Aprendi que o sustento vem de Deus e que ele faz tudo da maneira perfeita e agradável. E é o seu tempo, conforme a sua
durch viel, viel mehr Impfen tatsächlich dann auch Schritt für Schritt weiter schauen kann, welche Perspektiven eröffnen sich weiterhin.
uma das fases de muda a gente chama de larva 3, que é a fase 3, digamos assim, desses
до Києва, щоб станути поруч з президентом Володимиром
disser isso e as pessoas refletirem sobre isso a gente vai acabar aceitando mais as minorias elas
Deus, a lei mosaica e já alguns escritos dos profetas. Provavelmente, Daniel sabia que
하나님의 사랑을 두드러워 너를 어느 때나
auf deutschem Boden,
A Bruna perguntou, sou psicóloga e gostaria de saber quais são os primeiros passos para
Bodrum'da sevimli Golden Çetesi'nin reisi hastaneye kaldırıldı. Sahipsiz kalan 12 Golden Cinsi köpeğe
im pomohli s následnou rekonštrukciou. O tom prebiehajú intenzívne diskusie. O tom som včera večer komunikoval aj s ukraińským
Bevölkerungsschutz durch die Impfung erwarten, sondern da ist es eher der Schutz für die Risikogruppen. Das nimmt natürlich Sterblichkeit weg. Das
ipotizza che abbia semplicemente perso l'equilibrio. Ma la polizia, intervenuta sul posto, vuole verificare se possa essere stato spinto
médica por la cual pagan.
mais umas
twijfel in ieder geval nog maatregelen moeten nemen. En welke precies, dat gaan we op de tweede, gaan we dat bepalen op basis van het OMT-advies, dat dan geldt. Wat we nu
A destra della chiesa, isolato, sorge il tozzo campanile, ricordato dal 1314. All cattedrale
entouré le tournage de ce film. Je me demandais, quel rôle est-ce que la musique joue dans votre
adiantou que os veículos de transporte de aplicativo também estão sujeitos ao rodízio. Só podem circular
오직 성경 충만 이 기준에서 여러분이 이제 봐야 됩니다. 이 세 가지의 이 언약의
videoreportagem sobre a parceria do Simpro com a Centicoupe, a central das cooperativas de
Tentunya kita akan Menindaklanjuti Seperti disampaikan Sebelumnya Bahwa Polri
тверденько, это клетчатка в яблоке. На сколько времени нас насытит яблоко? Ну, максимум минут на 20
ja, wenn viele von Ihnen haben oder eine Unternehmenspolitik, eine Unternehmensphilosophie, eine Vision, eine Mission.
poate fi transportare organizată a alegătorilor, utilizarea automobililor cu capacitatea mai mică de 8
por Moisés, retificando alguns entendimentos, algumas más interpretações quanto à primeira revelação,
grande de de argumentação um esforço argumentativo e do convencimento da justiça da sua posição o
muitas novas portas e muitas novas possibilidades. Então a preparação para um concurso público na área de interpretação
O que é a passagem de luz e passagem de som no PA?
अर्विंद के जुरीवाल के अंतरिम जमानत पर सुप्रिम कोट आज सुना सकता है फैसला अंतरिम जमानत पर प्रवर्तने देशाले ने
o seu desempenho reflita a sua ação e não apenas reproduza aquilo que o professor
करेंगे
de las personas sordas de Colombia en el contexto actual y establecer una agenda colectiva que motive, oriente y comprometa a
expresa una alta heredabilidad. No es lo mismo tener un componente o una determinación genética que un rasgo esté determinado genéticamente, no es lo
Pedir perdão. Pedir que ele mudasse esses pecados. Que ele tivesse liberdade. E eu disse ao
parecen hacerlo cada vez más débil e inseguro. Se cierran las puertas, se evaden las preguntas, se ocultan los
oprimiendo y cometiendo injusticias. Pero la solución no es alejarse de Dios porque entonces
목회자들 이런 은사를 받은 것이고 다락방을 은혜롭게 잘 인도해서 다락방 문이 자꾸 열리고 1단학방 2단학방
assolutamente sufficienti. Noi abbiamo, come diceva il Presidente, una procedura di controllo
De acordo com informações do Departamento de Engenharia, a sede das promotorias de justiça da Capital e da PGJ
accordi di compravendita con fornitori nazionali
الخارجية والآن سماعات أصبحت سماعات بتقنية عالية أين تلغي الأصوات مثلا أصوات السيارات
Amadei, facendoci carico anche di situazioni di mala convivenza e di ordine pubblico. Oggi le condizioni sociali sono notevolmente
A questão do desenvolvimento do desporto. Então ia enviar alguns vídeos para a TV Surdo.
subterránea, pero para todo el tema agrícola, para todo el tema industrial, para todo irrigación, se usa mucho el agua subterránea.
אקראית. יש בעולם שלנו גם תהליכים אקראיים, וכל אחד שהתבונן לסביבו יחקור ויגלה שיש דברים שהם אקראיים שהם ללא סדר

|---|

**Problem:**
Beginning at the line above with "Bevölkerungsschutz durch die" and finishing at the line with "ipotizza che abbia", return each line exactly and return nothing else.

**Task response:**
Bevölkerungsschutz durch die Impfung erwarten, sondern da ist es eher der Schutz für die Risikogruppen. Das nimmt natürlich Sterblichkeit weg. Das
ipotizza che abbia semplicemente perso l'equilibrio. Ma la polizia, intervenuta sul posto, vuole verificare se possa essere stato spinto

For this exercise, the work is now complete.